Several listed companies, particularly from the energy sector, are likely to benefit from the German government's new climate targets.
Germany’s path to climate neutrality is clear thanks to a ruling in the highest court in April of 2021. According to the German Constitutional Court, the Climate Protection Act of 2019 was not enough and the targets set for reducing emissions from 2031 on were insufficient. The German government has now amended its climate protection laws and moved its "net zero" target up from 2050 to 2045. "Net zero" means that aggregate energy demand, which is currently still mostly covered by fossil fuels, must be generated almost entirely from renewable sources. This includes not only electricity demand, but also the energy previously generated from oil, coal and gas combustion. If greenhouse gas emissions still occur after the target date of 2045, they must be offset in full.

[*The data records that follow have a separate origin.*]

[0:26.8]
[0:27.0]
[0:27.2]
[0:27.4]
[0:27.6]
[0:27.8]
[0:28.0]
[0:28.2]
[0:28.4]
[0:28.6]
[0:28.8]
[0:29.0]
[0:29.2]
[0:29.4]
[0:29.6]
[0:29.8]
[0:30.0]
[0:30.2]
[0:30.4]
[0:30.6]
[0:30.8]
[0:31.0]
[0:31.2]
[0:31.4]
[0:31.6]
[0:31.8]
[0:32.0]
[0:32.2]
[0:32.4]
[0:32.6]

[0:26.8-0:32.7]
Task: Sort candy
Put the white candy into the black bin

In a comprehensive study, Guido Hoymann, sector analyst at Metzler Capital Markets, has examined how much renewable capacity would be needed in order to achieve this radical transition to green energy by 2045 and has estimated the costs involved. In the study, he has also examined the role that hydrogen will play in this process. His calculations are based on the assumption that energy demand will decline around 30% by 2045 due to savings in all sectors. "But even then, 'net zero' requires Germany’s green energy capacity to quadruple," says Hoymann, whose analysis is partly based on data from the Fraunhofer Institute in Munich, Metzler Capital Markets' scientific cooperation partner.

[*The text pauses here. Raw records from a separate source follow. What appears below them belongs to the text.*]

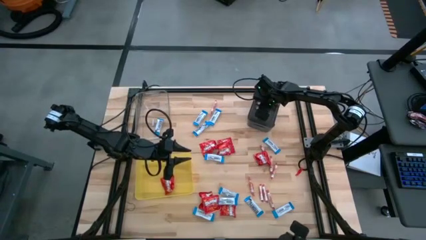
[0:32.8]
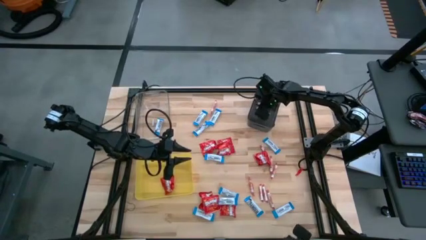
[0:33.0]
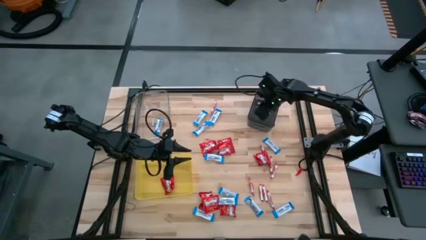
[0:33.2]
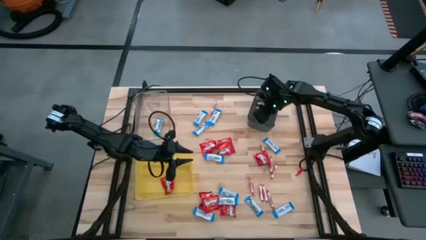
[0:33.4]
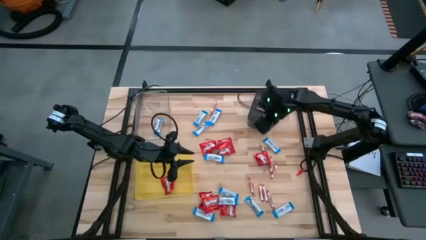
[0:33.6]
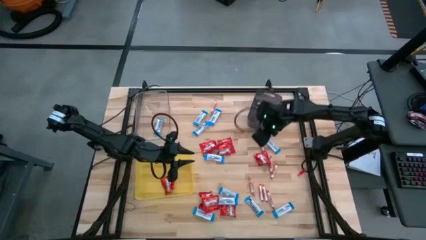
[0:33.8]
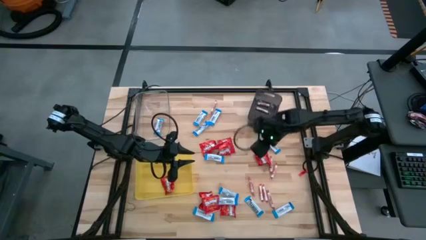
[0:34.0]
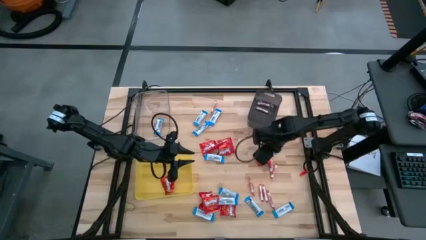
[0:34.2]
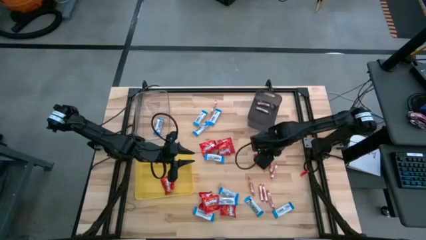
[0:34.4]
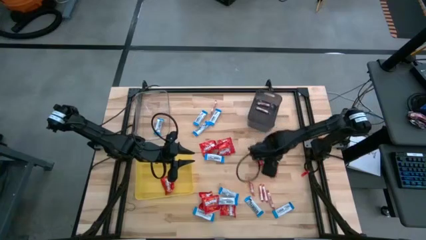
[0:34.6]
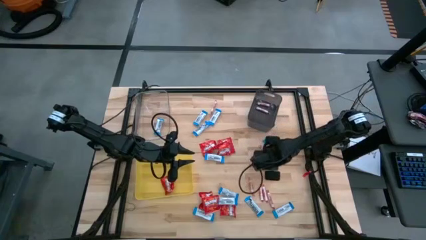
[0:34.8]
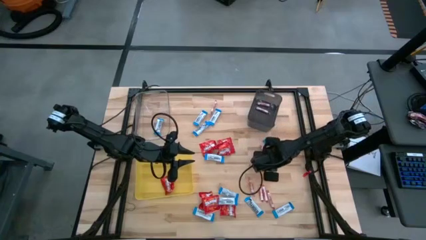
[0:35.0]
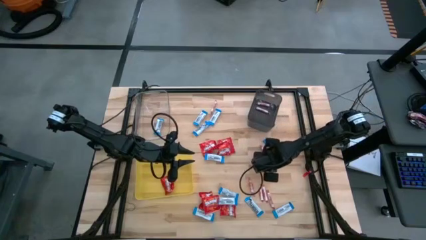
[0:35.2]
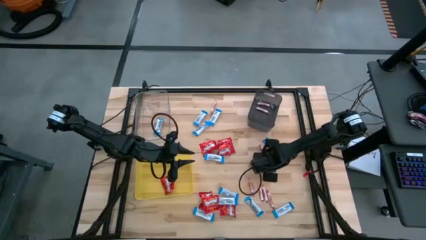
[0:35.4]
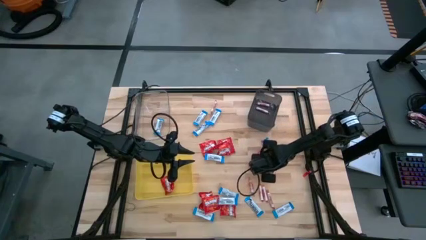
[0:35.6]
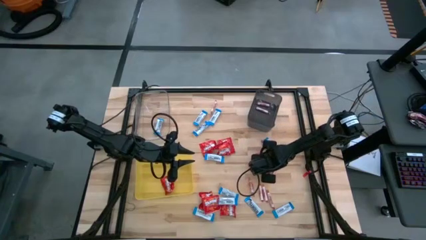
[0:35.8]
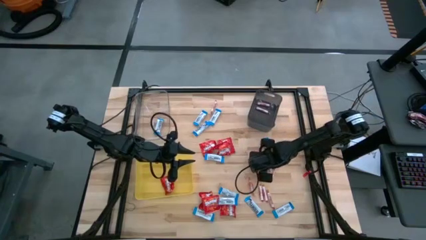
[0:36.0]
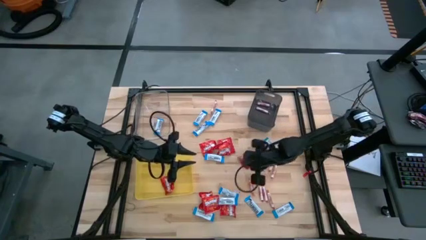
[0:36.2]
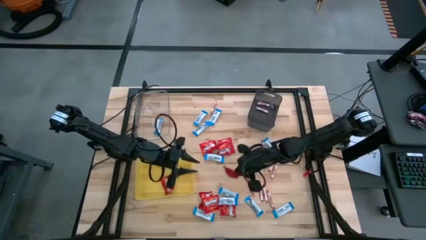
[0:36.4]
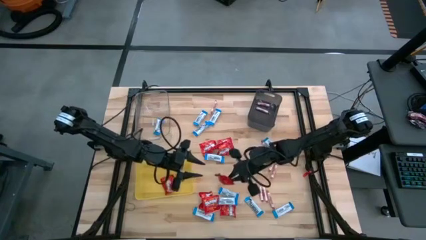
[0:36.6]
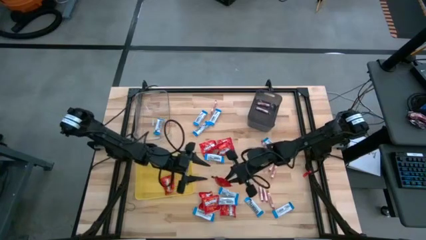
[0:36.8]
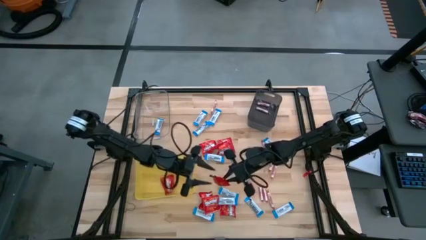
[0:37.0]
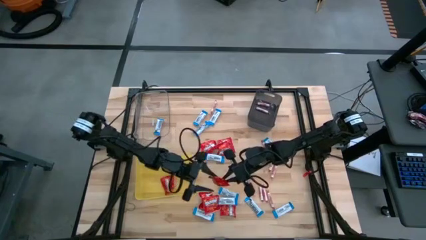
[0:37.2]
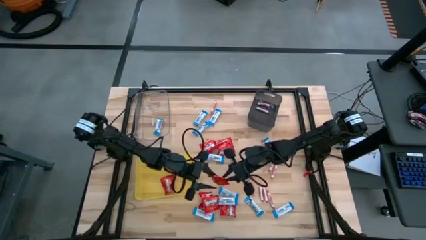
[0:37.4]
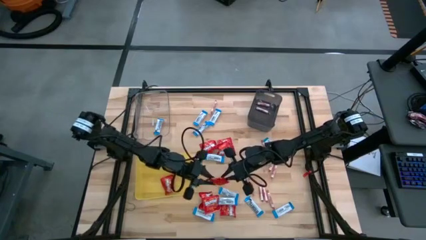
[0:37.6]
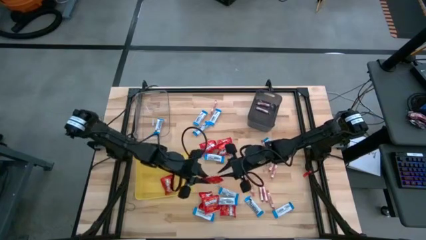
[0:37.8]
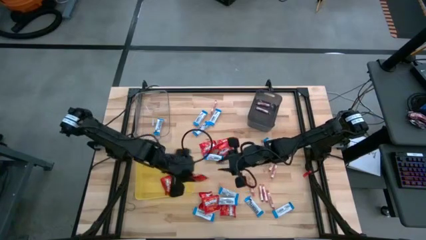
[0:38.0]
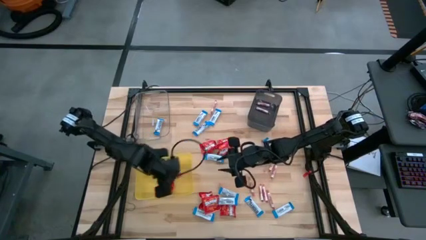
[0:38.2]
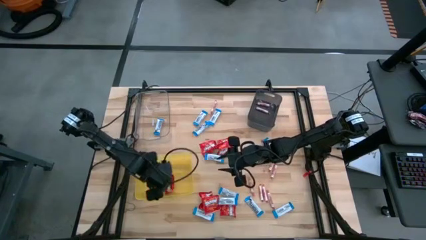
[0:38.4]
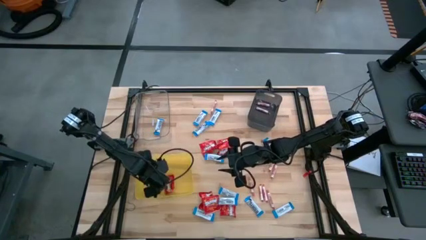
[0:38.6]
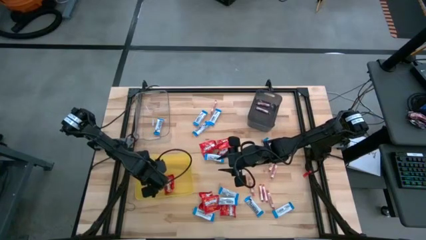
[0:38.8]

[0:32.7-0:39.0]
Put the red chocolate into the yellow bin

Expansion will focus primarily on photovoltaics and wind energy. Their capacities will have to increase about six-fold by 2045. This means Germany will have to build around 630 gigawatts (GW) of photovoltaic and wind power capacity over the next 24 years, or around 26 GW per year. By comparison, the figure for 2020 stood at just 6.5 GW. According to Hoymann, the new target corresponds to a total investment of around EUR 630 bn at today's price of around EUR 1 bn per GW.
Power-to-gas technologies, which convert electricity generated from renewable energies into hydrogen and its derivatives, can help solve the problem of storing and supplying green energy at any location. It also allows combustion engines, e.g. in aviation and shipping, to continue to be used in a CO2-neutral manner. Hoymann expects that by 2045, about one-third of the energy supply could be stored and made available as "green hydrogen", e.g. for transportation. The remaining supply will be consumed directly as green electricity or stored – either electrochemically via batteries, thermally via hot water storage, or mechanically, e.g. via pumped-storage power plants, compressed air storage or flywheel storage.
Electrolysis capacity for hydrogen production will have to be increased to approx. 140 GW by the target date, i.e. by around 6 GW per year. At Hoymann’s estimated cost of about EUR 750 m per GW, this corresponds to an annual investment of about EUR 4 bn or a total of about EUR 100 bn for electrolysis plants. The cost of building and expanding hydrogen distribution infrastructure is likely to add up to about EUR 10 bn for additional pipelines or for repurposing existing pipelines. Hoymann believes repurposing should cover about 75% of pipeline needs.
However, the investments for hydrogen demand will probably not be made directly in Germany. The Fraunhofer Institute in Munich assumes that more than 70% of hydrogen demand in Germany will be covered by importing.
"We estimate the direct costs of building a completely green energy supply for Germany over the next 24 years will be around EUR 750 bn or about EUR 31 bn per year," says the Metzler analyst. More than 80% of this will be accounted for by expanding renewable energies. To put the figures in perspective, EUR 31 bn corresponds to around 0.9% of Germany's annual gross domestic product (GDP). Over the past ten years, German companies have invested an average of around EUR 200 bn per year in equipment. German utilities have invested a total of around EUR 11 bn p.a. on average over the same period.
Hoymann has also extrapolated the costs for the net zero target to a global level. Assuming that Germany accounts for about 2.5% of the annual energy consumed worldwide, about 40 times the amounts mentioned will have to be invested in renewables and hydrogen worldwide. This corresponds to about 1% of the world's GDP.